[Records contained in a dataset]
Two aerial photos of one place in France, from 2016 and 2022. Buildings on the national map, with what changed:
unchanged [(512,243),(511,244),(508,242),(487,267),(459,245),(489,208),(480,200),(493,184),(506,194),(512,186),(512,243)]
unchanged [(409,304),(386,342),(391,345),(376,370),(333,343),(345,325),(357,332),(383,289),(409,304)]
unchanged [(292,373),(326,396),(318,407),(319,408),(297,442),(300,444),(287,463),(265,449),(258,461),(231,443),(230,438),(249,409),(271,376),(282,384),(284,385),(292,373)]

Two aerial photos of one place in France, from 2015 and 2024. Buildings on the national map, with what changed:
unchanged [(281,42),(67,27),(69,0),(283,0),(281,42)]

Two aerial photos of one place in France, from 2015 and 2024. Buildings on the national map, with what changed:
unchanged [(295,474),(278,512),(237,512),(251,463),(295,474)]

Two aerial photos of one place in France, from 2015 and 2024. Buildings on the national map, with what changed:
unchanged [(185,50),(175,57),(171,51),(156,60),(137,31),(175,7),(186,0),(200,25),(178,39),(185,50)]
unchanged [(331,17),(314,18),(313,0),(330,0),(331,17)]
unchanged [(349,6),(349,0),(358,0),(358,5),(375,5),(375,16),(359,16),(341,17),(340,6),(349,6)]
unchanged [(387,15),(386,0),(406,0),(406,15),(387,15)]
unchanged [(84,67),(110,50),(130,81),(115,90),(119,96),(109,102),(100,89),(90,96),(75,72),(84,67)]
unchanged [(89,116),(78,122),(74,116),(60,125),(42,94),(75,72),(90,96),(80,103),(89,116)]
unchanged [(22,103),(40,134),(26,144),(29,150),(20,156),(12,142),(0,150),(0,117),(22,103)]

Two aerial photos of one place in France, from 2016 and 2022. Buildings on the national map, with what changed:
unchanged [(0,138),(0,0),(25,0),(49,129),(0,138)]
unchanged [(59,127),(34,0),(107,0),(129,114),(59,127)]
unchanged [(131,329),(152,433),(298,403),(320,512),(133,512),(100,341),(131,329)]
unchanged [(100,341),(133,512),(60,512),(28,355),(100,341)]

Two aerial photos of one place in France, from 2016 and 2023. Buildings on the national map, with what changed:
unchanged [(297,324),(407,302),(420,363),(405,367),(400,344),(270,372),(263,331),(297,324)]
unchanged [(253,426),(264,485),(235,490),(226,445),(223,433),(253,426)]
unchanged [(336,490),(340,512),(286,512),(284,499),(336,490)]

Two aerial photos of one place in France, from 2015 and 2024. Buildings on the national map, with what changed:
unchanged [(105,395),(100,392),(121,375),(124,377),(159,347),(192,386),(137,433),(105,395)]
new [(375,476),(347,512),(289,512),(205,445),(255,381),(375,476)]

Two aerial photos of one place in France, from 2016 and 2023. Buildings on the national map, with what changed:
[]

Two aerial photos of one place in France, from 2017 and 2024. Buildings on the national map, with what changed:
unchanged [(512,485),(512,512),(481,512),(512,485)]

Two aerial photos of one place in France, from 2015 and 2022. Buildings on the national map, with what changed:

[Work request] Every line of the data above should be retyped precisely.

[Reply to the exercise]
Two aerial photos of one place in France, from 2016 and 2022. Buildings on the national map, with what changed:
unchanged [(512,243),(511,244),(508,242),(487,267),(459,245),(489,208),(480,200),(493,184),(506,194),(512,186),(512,243)]
unchanged [(409,304),(386,342),(391,345),(376,370),(333,343),(345,325),(357,332),(383,289),(409,304)]
unchanged [(292,373),(326,396),(318,407),(319,408),(297,442),(300,444),(287,463),(265,449),(258,461),(231,443),(230,438),(249,409),(271,376),(282,384),(284,385),(292,373)]

Two aerial photos of one place in France, from 2015 and 2024. Buildings on the national map, with what changed:
unchanged [(281,42),(67,27),(69,0),(283,0),(281,42)]

Two aerial photos of one place in France, from 2015 and 2024. Buildings on the national map, with what changed:
unchanged [(295,474),(278,512),(237,512),(251,463),(295,474)]

Two aerial photos of one place in France, from 2015 and 2024. Buildings on the national map, with what changed:
unchanged [(185,50),(175,57),(171,51),(156,60),(137,31),(175,7),(186,0),(200,25),(178,39),(185,50)]
unchanged [(331,17),(314,18),(313,0),(330,0),(331,17)]
unchanged [(349,6),(349,0),(358,0),(358,5),(375,5),(375,16),(359,16),(341,17),(340,6),(349,6)]
unchanged [(387,15),(386,0),(406,0),(406,15),(387,15)]
unchanged [(84,67),(110,50),(130,81),(115,90),(119,96),(109,102),(100,89),(90,96),(75,72),(84,67)]
unchanged [(89,116),(78,122),(74,116),(60,125),(42,94),(75,72),(90,96),(80,103),(89,116)]
unchanged [(22,103),(40,134),(26,144),(29,150),(20,156),(12,142),(0,150),(0,117),(22,103)]

Two aerial photos of one place in France, from 2016 and 2022. Buildings on the national map, with what changed:
unchanged [(0,138),(0,0),(25,0),(49,129),(0,138)]
unchanged [(59,127),(34,0),(107,0),(129,114),(59,127)]
unchanged [(131,329),(152,433),(298,403),(320,512),(133,512),(100,341),(131,329)]
unchanged [(100,341),(133,512),(60,512),(28,355),(100,341)]

Two aerial photos of one place in France, from 2016 and 2023. Buildings on the national map, with what changed:
unchanged [(297,324),(407,302),(420,363),(405,367),(400,344),(270,372),(263,331),(297,324)]
unchanged [(253,426),(264,485),(235,490),(226,445),(223,433),(253,426)]
unchanged [(336,490),(340,512),(286,512),(284,499),(336,490)]

Two aerial photos of one place in France, from 2015 and 2024. Buildings on the national map, with what changed:
unchanged [(105,395),(100,392),(121,375),(124,377),(159,347),(192,386),(137,433),(105,395)]
new [(375,476),(347,512),(289,512),(205,445),(255,381),(375,476)]

Two aerial photos of one place in France, from 2016 and 2023. Buildings on the national map, with what changed:
[]

Two aerial photos of one place in France, from 2017 and 2024. Buildings on the national map, with what changed:
unchanged [(512,485),(512,512),(481,512),(512,485)]

Two aerial photos of one place in France, from 2015 and 2022. Buildings on the national map, with what changed:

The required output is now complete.